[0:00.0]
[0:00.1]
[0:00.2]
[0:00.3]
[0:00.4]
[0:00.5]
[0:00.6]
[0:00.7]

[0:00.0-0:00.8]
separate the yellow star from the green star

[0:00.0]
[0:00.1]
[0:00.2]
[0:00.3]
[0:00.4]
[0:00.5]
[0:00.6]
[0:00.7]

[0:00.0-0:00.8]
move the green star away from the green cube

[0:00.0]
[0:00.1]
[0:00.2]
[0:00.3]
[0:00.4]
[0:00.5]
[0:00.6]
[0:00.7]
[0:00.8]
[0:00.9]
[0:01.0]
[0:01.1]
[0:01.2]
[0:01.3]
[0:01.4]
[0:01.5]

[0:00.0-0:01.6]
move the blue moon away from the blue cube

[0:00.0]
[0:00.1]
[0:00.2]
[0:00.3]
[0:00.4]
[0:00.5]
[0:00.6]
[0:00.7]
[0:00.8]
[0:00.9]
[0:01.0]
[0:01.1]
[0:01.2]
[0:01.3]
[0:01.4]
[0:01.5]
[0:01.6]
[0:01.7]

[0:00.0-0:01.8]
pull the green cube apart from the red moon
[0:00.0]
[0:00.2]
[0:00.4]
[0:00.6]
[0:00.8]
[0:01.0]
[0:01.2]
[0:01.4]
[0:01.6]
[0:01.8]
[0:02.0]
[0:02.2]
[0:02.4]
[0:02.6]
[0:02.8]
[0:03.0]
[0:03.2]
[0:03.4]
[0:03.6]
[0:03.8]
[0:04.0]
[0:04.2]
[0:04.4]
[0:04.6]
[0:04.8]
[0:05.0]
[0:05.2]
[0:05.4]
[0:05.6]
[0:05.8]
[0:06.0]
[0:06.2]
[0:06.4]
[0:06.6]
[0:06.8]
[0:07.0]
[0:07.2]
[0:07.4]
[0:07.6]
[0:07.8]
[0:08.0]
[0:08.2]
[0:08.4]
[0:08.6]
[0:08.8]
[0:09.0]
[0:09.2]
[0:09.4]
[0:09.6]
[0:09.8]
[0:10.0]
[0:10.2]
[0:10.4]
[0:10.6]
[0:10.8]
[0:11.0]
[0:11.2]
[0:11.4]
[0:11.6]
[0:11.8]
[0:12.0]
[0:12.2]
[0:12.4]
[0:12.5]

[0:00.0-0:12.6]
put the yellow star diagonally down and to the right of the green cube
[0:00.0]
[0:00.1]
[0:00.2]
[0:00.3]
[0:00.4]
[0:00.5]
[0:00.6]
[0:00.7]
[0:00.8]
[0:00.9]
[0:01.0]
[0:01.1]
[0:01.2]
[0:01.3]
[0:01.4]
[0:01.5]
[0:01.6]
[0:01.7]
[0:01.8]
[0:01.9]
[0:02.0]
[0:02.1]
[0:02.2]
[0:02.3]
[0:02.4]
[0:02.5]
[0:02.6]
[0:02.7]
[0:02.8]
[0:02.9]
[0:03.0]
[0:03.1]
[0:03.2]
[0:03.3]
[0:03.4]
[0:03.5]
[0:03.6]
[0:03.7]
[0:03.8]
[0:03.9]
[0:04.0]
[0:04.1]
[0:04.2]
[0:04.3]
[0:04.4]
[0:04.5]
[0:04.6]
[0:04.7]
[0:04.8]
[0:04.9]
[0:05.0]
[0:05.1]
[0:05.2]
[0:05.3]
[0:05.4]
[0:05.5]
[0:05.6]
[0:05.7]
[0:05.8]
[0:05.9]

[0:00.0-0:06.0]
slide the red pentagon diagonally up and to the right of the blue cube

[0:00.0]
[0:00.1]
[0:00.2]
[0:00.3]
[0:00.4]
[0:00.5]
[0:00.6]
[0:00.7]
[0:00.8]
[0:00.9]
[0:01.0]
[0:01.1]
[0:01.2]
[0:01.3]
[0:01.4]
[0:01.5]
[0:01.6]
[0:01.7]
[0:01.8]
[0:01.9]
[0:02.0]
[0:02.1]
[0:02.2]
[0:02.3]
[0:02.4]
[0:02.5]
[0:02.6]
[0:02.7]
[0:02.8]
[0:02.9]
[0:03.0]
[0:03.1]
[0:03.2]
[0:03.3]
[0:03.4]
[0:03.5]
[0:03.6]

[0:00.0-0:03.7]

TASK PROMPT
Exact reproduction of every entry is needed.

EXERCISE SOLUTION
[0:00.0]
[0:00.1]
[0:00.2]
[0:00.3]
[0:00.4]
[0:00.5]
[0:00.6]
[0:00.7]

[0:00.0-0:00.8]
separate the yellow star from the green star

[0:00.0]
[0:00.1]
[0:00.2]
[0:00.3]
[0:00.4]
[0:00.5]
[0:00.6]
[0:00.7]

[0:00.0-0:00.8]
move the green star away from the green cube

[0:00.0]
[0:00.1]
[0:00.2]
[0:00.3]
[0:00.4]
[0:00.5]
[0:00.6]
[0:00.7]
[0:00.8]
[0:00.9]
[0:01.0]
[0:01.1]
[0:01.2]
[0:01.3]
[0:01.4]
[0:01.5]

[0:00.0-0:01.6]
move the blue moon away from the blue cube

[0:00.0]
[0:00.1]
[0:00.2]
[0:00.3]
[0:00.4]
[0:00.5]
[0:00.6]
[0:00.7]
[0:00.8]
[0:00.9]
[0:01.0]
[0:01.1]
[0:01.2]
[0:01.3]
[0:01.4]
[0:01.5]
[0:01.6]
[0:01.7]

[0:00.0-0:01.8]
pull the green cube apart from the red moon
[0:00.0]
[0:00.2]
[0:00.4]
[0:00.6]
[0:00.8]
[0:01.0]
[0:01.2]
[0:01.4]
[0:01.6]
[0:01.8]
[0:02.0]
[0:02.2]
[0:02.4]
[0:02.6]
[0:02.8]
[0:03.0]
[0:03.2]
[0:03.4]
[0:03.6]
[0:03.8]
[0:04.0]
[0:04.2]
[0:04.4]
[0:04.6]
[0:04.8]
[0:05.0]
[0:05.2]
[0:05.4]
[0:05.6]
[0:05.8]
[0:06.0]
[0:06.2]
[0:06.4]
[0:06.6]
[0:06.8]
[0:07.0]
[0:07.2]
[0:07.4]
[0:07.6]
[0:07.8]
[0:08.0]
[0:08.2]
[0:08.4]
[0:08.6]
[0:08.8]
[0:09.0]
[0:09.2]
[0:09.4]
[0:09.6]
[0:09.8]
[0:10.0]
[0:10.2]
[0:10.4]
[0:10.6]
[0:10.8]
[0:11.0]
[0:11.2]
[0:11.4]
[0:11.6]
[0:11.8]
[0:12.0]
[0:12.2]
[0:12.4]
[0:12.5]

[0:00.0-0:12.6]
put the yellow star diagonally down and to the right of the green cube
[0:00.0]
[0:00.1]
[0:00.2]
[0:00.3]
[0:00.4]
[0:00.5]
[0:00.6]
[0:00.7]
[0:00.8]
[0:00.9]
[0:01.0]
[0:01.1]
[0:01.2]
[0:01.3]
[0:01.4]
[0:01.5]
[0:01.6]
[0:01.7]
[0:01.8]
[0:01.9]
[0:02.0]
[0:02.1]
[0:02.2]
[0:02.3]
[0:02.4]
[0:02.5]
[0:02.6]
[0:02.7]
[0:02.8]
[0:02.9]
[0:03.0]
[0:03.1]
[0:03.2]
[0:03.3]
[0:03.4]
[0:03.5]
[0:03.6]
[0:03.7]
[0:03.8]
[0:03.9]
[0:04.0]
[0:04.1]
[0:04.2]
[0:04.3]
[0:04.4]
[0:04.5]
[0:04.6]
[0:04.7]
[0:04.8]
[0:04.9]
[0:05.0]
[0:05.1]
[0:05.2]
[0:05.3]
[0:05.4]
[0:05.5]
[0:05.6]
[0:05.7]
[0:05.8]
[0:05.9]

[0:00.0-0:06.0]
slide the red pentagon diagonally up and to the right of the blue cube

[0:00.0]
[0:00.1]
[0:00.2]
[0:00.3]
[0:00.4]
[0:00.5]
[0:00.6]
[0:00.7]
[0:00.8]
[0:00.9]
[0:01.0]
[0:01.1]
[0:01.2]
[0:01.3]
[0:01.4]
[0:01.5]
[0:01.6]
[0:01.7]
[0:01.8]
[0:01.9]
[0:02.0]
[0:02.1]
[0:02.2]
[0:02.3]
[0:02.4]
[0:02.5]
[0:02.6]
[0:02.7]
[0:02.8]
[0:02.9]
[0:03.0]
[0:03.1]
[0:03.2]
[0:03.3]
[0:03.4]
[0:03.5]
[0:03.6]

[0:00.0-0:03.7]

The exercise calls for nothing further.